Tests for Autoimmune Disease
Tests for autoimmune disease, such as hypothyroidism and type 1 diabetes, should be considered in women with recent ovarian failure that is not caused by genetic abnormalities.
Imaging Tests and Diagnostic Procedures.
If an initial fertility work-up does not reveal abnormalities, more extensive tests may help reveal abnormal tubal or uterine findings. The four major approaches for examining the uterus and fallopian tubes are:
Ultrasound (particularly a variation called saline-infusion sonohysterography)

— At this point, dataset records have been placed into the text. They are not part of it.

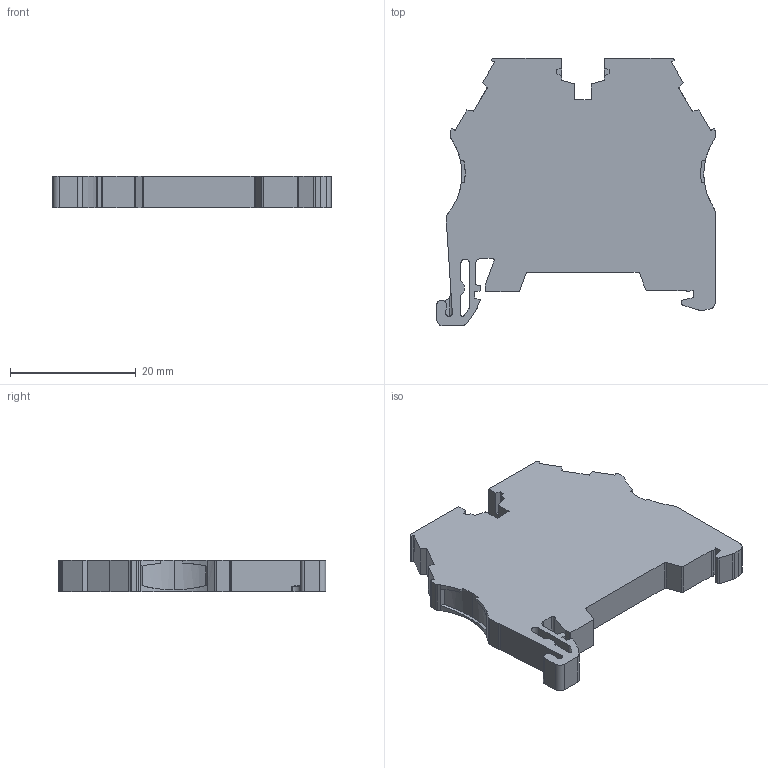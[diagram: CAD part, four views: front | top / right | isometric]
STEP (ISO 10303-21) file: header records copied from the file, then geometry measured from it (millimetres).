
FILE_DESCRIPTION (( 'STEP AP214' ), '1' );
FILE_NAME ('304200_AVK 2,5 RD_Grey.STP', '2013-11-11T11:59:33', ( 'arge' ), ( 'Microsoft' ), 'SwSTEP 2.0', 'SolidWorks 2013', '' );
FILE_SCHEMA (( 'AUTOMOTIVE_DESIGN' ));
Length unit declared in the file: millimetre
Products named in the file (1): 304200_AVK 2,5 RD_Grey
Bounding box: 44.2 x 42.5 x 5 mm (x, y, z)
Volume: 6712.1 mm3; surface area: 3925.3 mm2
Topology: 1 solids, 1 shells, 185 faces, 544 edges, 363 vertices
Faces by surface type: plane 102, cylinder 83
Entity records: 6643 total; most frequent: CARTESIAN_POINT 1879, ORIENTED_EDGE 1088, DIRECTION 860, EDGE_CURVE 544, VERTEX_POINT 363, VECTOR 304, LINE 304, AXIS2_PLACEMENT_3D 278

Combinations of these imaging procedures may be used to confirm diagnoses.
Ultrasound and Sonohysterograph
Ultrasound is the standard imaging technique for evaluating the uterus and ovaries. It is also used for detecting fibroids, ovarian cysts and tumors, and obstructions in the urinary tract.
Transvaginal sonohysterography uses ultrasound along with saline infused into the uterus, which enhances the visualization of the uterus. This technique is proving to be more accurate than standard ultrasound in identifying potential problems. It is currently the gold standard for diagnosing polycystic ovaries.
Hysteroscopy is a procedure that may be used to detect the presence of endometriosis, fibroids, polyps, pelvic scar tissue, and blockage at the ends of the fallopian tubes. Some of these conditions can be corrected during the procedure by cutting away any scar tissue that may be binding organs together or by destroying endometrial implants.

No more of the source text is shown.